Data records:
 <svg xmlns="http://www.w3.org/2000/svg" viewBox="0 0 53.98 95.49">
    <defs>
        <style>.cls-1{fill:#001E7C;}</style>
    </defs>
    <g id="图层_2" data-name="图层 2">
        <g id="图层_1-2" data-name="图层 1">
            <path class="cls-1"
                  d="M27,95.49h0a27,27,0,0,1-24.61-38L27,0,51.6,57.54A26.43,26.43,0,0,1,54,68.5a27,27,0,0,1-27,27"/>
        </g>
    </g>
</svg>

[What needs to be done]:
Each line of the data must be returned exactly.

[Written answer]:
 <svg xmlns="http://www.w3.org/2000/svg" viewBox="0 0 53.98 95.49">
    <defs>
        <style>.cls-1{fill:#001E7C;}</style>
    </defs>
    <g id="图层_2" data-name="图层 2">
        <g id="图层_1-2" data-name="图层 1">
            <path class="cls-1"
                  d="M27,95.49h0a27,27,0,0,1-24.61-38L27,0,51.6,57.54A26.43,26.43,0,0,1,54,68.5a27,27,0,0,1-27,27"/>
        </g>
    </g>
</svg>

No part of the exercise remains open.